0

L’aide au développement au secours du développement

Presque tous les jours, les États-Unis et l’Europe brandissent la menace d’imposer des sanctions économiques ou de stopper l’aide au développement si quelque gouvernement vulnérable n’acceptait pas leurs critiques politiques. Les menaces les plus récentes s’adressent au nouveau gouvernement palestinien dirigé par le Hamas. Parmi les autres exemples récents, l’on compte également les menaces émises envers le Tchad, l’Éthiopie, Haïti, le Kenya, la Bolivie, l’Ouganda et les sanctions de longue date vis à vis du Myanmar.
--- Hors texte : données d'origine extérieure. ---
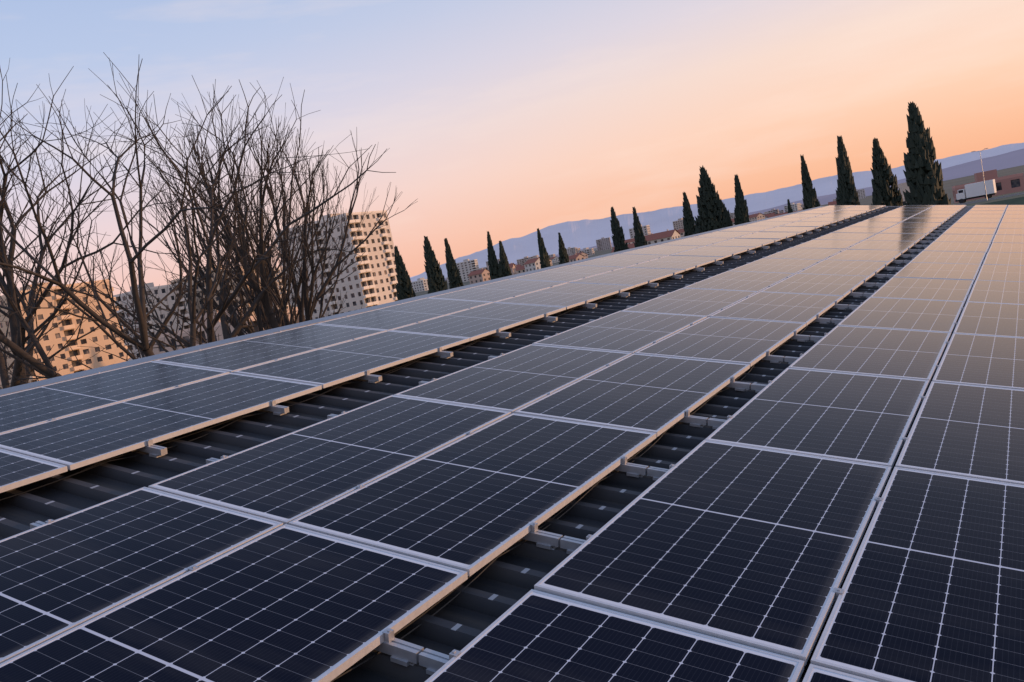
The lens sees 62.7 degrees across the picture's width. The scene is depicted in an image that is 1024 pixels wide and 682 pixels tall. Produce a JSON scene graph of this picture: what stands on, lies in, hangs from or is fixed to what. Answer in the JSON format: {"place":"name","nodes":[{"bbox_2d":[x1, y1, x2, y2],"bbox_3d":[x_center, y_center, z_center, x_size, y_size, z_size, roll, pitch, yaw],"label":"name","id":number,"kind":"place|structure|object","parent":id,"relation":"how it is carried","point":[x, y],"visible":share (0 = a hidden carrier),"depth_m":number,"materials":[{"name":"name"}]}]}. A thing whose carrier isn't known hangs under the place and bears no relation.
{"place":"outdoors","nodes":[
{"label":"outdoors","id":0,"kind":"place"},
{"bbox_2d":[468,268,490,283],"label":"town house","id":1,"kind":"structure","parent":0,"point":[481,275],"depth_m":510.19,"materials":[{"name":"beige paint"}]},
{"bbox_2d":[0,0,1023,295],"label":"sky","id":2,"kind":"structure","parent":0,"point":[507,119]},
{"bbox_2d":[509,263,515,274],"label":"town house","id":3,"kind":"structure","parent":0,"point":[512,266],"depth_m":494.80,"materials":[{"name":"beige paint"}]},
{"bbox_2d":[550,256,559,262],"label":"building","id":4,"kind":"structure","parent":0,"point":[555,259],"depth_m":1208.53,"materials":[{"name":"beige concrete"}]},
{"bbox_2d":[569,254,584,261],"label":"town house","id":5,"kind":"structure","parent":0,"point":[575,257],"depth_m":583.50,"materials":[{"name":"beige paint"}]},
{"bbox_2d":[574,251,587,258],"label":"town house","id":6,"kind":"structure","parent":0,"point":[584,254],"depth_m":783.62,"materials":[{"name":"beige paint"}]},
{"bbox_2d":[611,242,634,252],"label":"town house","id":7,"kind":"structure","parent":0,"point":[630,245],"depth_m":497.29,"materials":[{"name":"brown tile"}]},
{"bbox_2d":[625,238,634,243],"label":"building","id":8,"kind":"structure","parent":0,"point":[631,240],"depth_m":764.45,"materials":[{"name":"brown tile"}]},
{"bbox_2d":[646,229,679,244],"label":"town house","id":9,"kind":"structure","parent":0,"point":[662,236],"depth_m":411.55,"materials":[{"name":"brown tile"}]},
{"bbox_2d":[313,191,1023,319],"bbox_3d":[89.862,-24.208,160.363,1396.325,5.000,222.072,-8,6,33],"label":"road embankment","id":10,"kind":"structure","parent":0,"point":[1015,200],"depth_m":145.69,"materials":[{"name":"green plant"}]},
{"bbox_2d":[955,179,996,202],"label":"box truck","id":11,"kind":"object","parent":10,"relation":"on","point":[973,190],"visible":0.87,"depth_m":165.58,"materials":[{"name":"white paint"}]},
{"bbox_2d":[972,148,987,200],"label":"street lamp","id":12,"kind":"object","parent":10,"relation":"on","point":[983,174],"visible":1,"depth_m":155.67,"materials":[{"name":"grey metal"}]},
{"bbox_2d":[679,229,684,237],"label":"building","id":13,"kind":"structure","parent":0,"point":[681,232],"depth_m":647.92,"materials":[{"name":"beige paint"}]},
{"bbox_2d":[410,143,1023,281],"bbox_3d":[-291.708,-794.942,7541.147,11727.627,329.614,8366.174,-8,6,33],"label":"mountain ridge","id":14,"kind":"structure","parent":0,"point":[584,233],"depth_m":8035.91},
{"bbox_2d":[415,165,1023,296],"bbox_3d":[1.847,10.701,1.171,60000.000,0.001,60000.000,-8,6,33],"label":"ground","id":15,"kind":"structure","parent":0,"point":[947,187],"depth_m":1064.90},
{"bbox_2d":[0,279,129,388],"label":"apartment block","id":16,"kind":"structure","parent":15,"relation":"on","point":[59,336],"depth_m":231.21,"materials":[{"name":"paint"}]},
{"bbox_2d":[0,60,212,388],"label":"bare tree","id":17,"kind":"object","parent":15,"relation":"on","point":[13,322],"visible":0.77,"depth_m":28.90,"materials":[{"name":"brown plant"}]},
{"bbox_2d":[113,282,196,360],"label":"apartment block","id":18,"kind":"structure","parent":15,"relation":"on","point":[164,291],"depth_m":309.43,"materials":[{"name":"paint"}]},
{"bbox_2d":[0,52,395,384],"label":"bare tree","id":19,"kind":"object","parent":15,"relation":"on","point":[145,347],"visible":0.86,"depth_m":23.09,"materials":[{"name":"brown plant"}]},
{"bbox_2d":[171,266,261,315],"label":"apartment block","id":20,"kind":"structure","parent":15,"relation":"on","point":[198,289],"depth_m":331.05,"materials":[{"name":"paint"}]},
{"bbox_2d":[144,307,298,355],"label":"block","id":21,"kind":"structure","parent":15,"relation":"on","point":[185,336],"depth_m":151.22,"materials":[{"name":"paint"}]},
{"bbox_2d":[138,148,348,333],"bbox_3d":[-9.817,0.859,34.718,7.865,18.201,5.865,-14,6,-30],"label":"bare tree","id":22,"kind":"object","parent":15,"relation":"on","point":[248,330],"visible":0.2,"depth_m":33.88,"materials":[{"name":"brown plant"}]},
{"bbox_2d":[121,92,417,335],"bbox_3d":[-7.218,0.411,30.209,9.952,18.887,8.606,-15,6,-32],"label":"bare tree","id":23,"kind":"object","parent":15,"relation":"on","point":[305,302],"visible":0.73,"depth_m":28.77,"materials":[{"name":"brown plant"}]},
{"bbox_2d":[259,268,288,310],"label":"apartment block","id":24,"kind":"structure","parent":15,"relation":"on","point":[279,272],"depth_m":409.33,"materials":[{"name":"paint"}]},
{"bbox_2d":[275,210,397,318],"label":"apartment block","id":25,"kind":"structure","parent":15,"relation":"on","point":[371,281],"depth_m":310.98,"materials":[{"name":"paint"}]},
{"bbox_2d":[394,246,415,300],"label":"cypress tree","id":26,"kind":"object","parent":15,"relation":"on","point":[404,289],"visible":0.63,"depth_m":158.46,"materials":[{"name":"green plant"}]},
{"bbox_2d":[411,277,428,292],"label":"town block","id":27,"kind":"structure","parent":15,"relation":"on","point":[419,284],"depth_m":946.66,"materials":[{"name":"paint"}]},
{"bbox_2d":[423,236,447,293],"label":"cypress tree","id":28,"kind":"object","parent":15,"relation":"on","point":[436,281],"visible":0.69,"depth_m":153.31,"materials":[{"name":"green plant"}]},
{"bbox_2d":[444,238,463,288],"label":"cypress tree","id":29,"kind":"object","parent":15,"relation":"on","point":[454,277],"visible":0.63,"depth_m":168.27,"materials":[{"name":"green plant"}]},
{"bbox_2d":[456,259,478,281],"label":"apartment building","id":30,"kind":"structure","parent":15,"relation":"on","point":[466,267],"depth_m":1036.67,"materials":[{"name":"paint"}]},
{"bbox_2d":[487,231,503,279],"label":"cypress tree","id":31,"kind":"object","parent":15,"relation":"on","point":[494,269],"visible":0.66,"depth_m":186.51,"materials":[{"name":"green plant"}]},
{"bbox_2d":[499,240,511,276],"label":"cypress tree","id":32,"kind":"object","parent":15,"relation":"on","point":[504,266],"visible":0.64,"depth_m":216.01,"materials":[{"name":"green plant"}]},
{"bbox_2d":[515,265,525,273],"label":"town house","id":33,"kind":"structure","parent":15,"relation":"on","point":[520,269],"depth_m":560.13,"materials":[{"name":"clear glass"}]},
{"bbox_2d":[517,256,532,265],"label":"town block","id":34,"kind":"structure","parent":15,"relation":"on","point":[521,261],"depth_m":1510.22,"materials":[{"name":"paint"}]},
{"bbox_2d":[523,257,540,271],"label":"town house","id":35,"kind":"structure","parent":15,"relation":"on","point":[531,264],"depth_m":550.22,"materials":[{"name":"white paint"}]},
{"bbox_2d":[537,228,550,268],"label":"cypress tree","id":36,"kind":"object","parent":15,"relation":"on","point":[544,259],"visible":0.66,"depth_m":214.20,"materials":[{"name":"green plant"}]},
{"bbox_2d":[558,233,568,264],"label":"cypress tree","id":37,"kind":"object","parent":15,"relation":"on","point":[563,256],"visible":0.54,"depth_m":256.28,"materials":[{"name":"green plant"}]},
{"bbox_2d":[567,247,576,255],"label":"town block","id":38,"kind":"structure","parent":15,"relation":"on","point":[571,251],"depth_m":1826.68,"materials":[{"name":"paint"}]},
{"bbox_2d":[579,247,594,255],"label":"town block","id":39,"kind":"structure","parent":15,"relation":"on","point":[588,251],"depth_m":1222.75,"materials":[{"name":"paint"}]},
{"bbox_2d":[596,237,611,250],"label":"town block","id":40,"kind":"structure","parent":15,"relation":"on","point":[603,243],"depth_m":1799.10,"materials":[{"name":"paint"}]},
{"bbox_2d":[610,207,628,251],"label":"cypress tree","id":41,"kind":"object","parent":15,"relation":"on","point":[618,239],"visible":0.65,"depth_m":189.93,"materials":[{"name":"green plant"}]},
{"bbox_2d":[629,225,650,238],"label":"apartment building","id":42,"kind":"structure","parent":15,"relation":"on","point":[646,229],"depth_m":1069.02,"materials":[{"name":"paint"}]},
{"bbox_2d":[632,206,647,247],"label":"cypress tree","id":43,"kind":"object","parent":15,"relation":"on","point":[639,238],"visible":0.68,"depth_m":189.40,"materials":[{"name":"green plant"}]},
{"bbox_2d":[673,218,683,229],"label":"town block","id":44,"kind":"structure","parent":15,"relation":"on","point":[678,225],"depth_m":1228.91,"materials":[{"name":"paint"}]},
{"bbox_2d":[682,192,696,236],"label":"cypress tree","id":45,"kind":"object","parent":15,"relation":"on","point":[689,224],"visible":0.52,"depth_m":169.40,"materials":[{"name":"green plant"}]},
{"bbox_2d":[692,166,732,234],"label":"cypress tree","id":46,"kind":"object","parent":15,"relation":"on","point":[713,213],"visible":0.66,"depth_m":152.72,"materials":[{"name":"green plant"}]},
{"bbox_2d":[734,174,749,224],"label":"cypress tree","id":47,"kind":"object","parent":15,"relation":"on","point":[741,211],"visible":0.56,"depth_m":150.13,"materials":[{"name":"green plant"}]},
{"bbox_2d":[768,209,778,213],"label":"building","id":48,"kind":"structure","parent":15,"relation":"on","point":[776,211],"depth_m":1546.30,"materials":[{"name":"paint"}]},
{"bbox_2d":[787,199,792,213],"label":"cypress tree","id":49,"kind":"object","parent":15,"relation":"on","point":[790,209],"visible":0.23,"depth_m":140.59,"materials":[{"name":"green plant"}]},
{"bbox_2d":[784,203,800,211],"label":"town block","id":50,"kind":"structure","parent":15,"relation":"on","point":[796,207],"depth_m":1501.10,"materials":[{"name":"paint"}]},
{"bbox_2d":[800,154,819,209],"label":"cypress tree","id":51,"kind":"object","parent":15,"relation":"on","point":[810,199],"visible":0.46,"depth_m":130.71,"materials":[{"name":"green plant"}]},
{"bbox_2d":[835,136,859,204],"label":"cypress tree","id":52,"kind":"object","parent":15,"relation":"on","point":[846,193],"visible":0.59,"depth_m":104.73,"materials":[{"name":"green plant"}]},
{"bbox_2d":[856,189,865,198],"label":"town block","id":53,"kind":"structure","parent":15,"relation":"on","point":[861,193],"depth_m":1693.02,"materials":[{"name":"paint"}]},
{"bbox_2d":[870,137,902,205],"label":"cypress tree","id":54,"kind":"object","parent":15,"relation":"on","point":[884,179],"visible":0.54,"depth_m":93.51,"materials":[{"name":"green plant"}]},
{"bbox_2d":[898,182,909,205],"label":"building","id":55,"kind":"structure","parent":15,"relation":"on","point":[902,186],"depth_m":165.57,"materials":[{"name":"paint"}]},
{"bbox_2d":[903,101,950,205],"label":"cypress tree","id":56,"kind":"object","parent":15,"relation":"on","point":[923,175],"visible":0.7,"depth_m":82.87,"materials":[{"name":"green plant"}]},
{"bbox_2d":[445,149,1023,279],"bbox_3d":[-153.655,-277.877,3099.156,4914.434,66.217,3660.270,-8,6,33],"label":"hill","id":57,"kind":"structure","parent":0,"point":[1015,158],"depth_m":2663.47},
{"bbox_2d":[749,212,764,221],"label":"town house","id":58,"kind":"structure","parent":0,"point":[756,217],"depth_m":861.04,"materials":[{"name":"brown tile"}]},
{"bbox_2d":[768,212,787,217],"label":"town house","id":59,"kind":"structure","parent":0,"point":[777,214],"depth_m":528.00,"materials":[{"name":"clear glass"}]},
{"bbox_2d":[828,201,836,205],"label":"building","id":60,"kind":"structure","parent":0,"point":[832,203],"depth_m":778.49,"materials":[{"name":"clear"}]},
{"bbox_2d":[952,169,1023,202],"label":"yard building","id":61,"kind":"structure","parent":0,"point":[1013,183],"depth_m":221.64,"materials":[{"name":"paint"}]},
{"bbox_2d":[959,193,1022,204],"bbox_3d":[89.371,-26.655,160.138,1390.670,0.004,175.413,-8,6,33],"label":"guardrail","id":62,"kind":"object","parent":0,"point":[992,198],"depth_m":160.61,"materials":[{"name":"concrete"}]},
{"bbox_2d":[955,192,1023,204],"bbox_3d":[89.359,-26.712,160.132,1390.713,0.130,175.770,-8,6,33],"label":"road kerb","id":63,"kind":"structure","parent":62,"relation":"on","point":[991,198],"depth_m":158.88,"materials":[{"name":"concrete"}]},
{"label":"warehouse walls","id":64,"kind":"object","parent":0,"visible":0},
{"bbox_2d":[0,205,1023,681],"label":"roof","id":65,"kind":"object","parent":64,"relation":"on","point":[788,447],"visible":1,"depth_m":4.96,"materials":[{"name":"glass"}]}
]}

De telles tactiques sont peu judicieuses. Utiliser l’aide au développement comme un bâton politique ne fait que renforcer la souffrance des pays pauvres et instables sans parvenir à la réalisation des objectifs politiques visés par les donateurs.

Comprendre pourquoi nécessite une analyse géopolitique sur le long terme, et plus particulièrement, une analyse du déclin progressif de la domination américaine et européenne sur le monde. Les technologies et le développement économique fleurissent en Asie et dans les pays en voie de développement. Parallèlement, l’éclosion de la conscience politique et de l’alphabétisation lors du siècle dernier ont fait de l’autodétermination nationale, l’idéologie largement dominante de notre ère et ont provoqué la fin du colonialisme. Le nationalisme continue de produire de puissants « anticorps » politiques contre l’ingérence américaine et européenne dans les affaires intérieures des autres pays.

La difficulté à comprendre ceci réside dans les échecs successifs de la politique étrangère américaine au Moyen-Orient, du moins à partir du renversement du Shah d’Iran en 1979. Les États-Unis continuent de voir le Moyen-Orient comme un objet de manipulation, que ce soit pour le pétrole ou pour d’autres motivations. Dans cette région du globe, la guerre en Irak est largement interprétée comme une guerre menée par les Américains pour contrôler le pétrole du Golfe Persique – une vision plutôt plausible en fonction de ce que nous savons des véritables origines de cette guerre. Seuls une naïveté et un orgueil incroyables pouvaient laisser croire aux dirigeants américains et britanniques que les troupes occidentales seraient accueillies en libérateurs, plutôt qu’en occupants.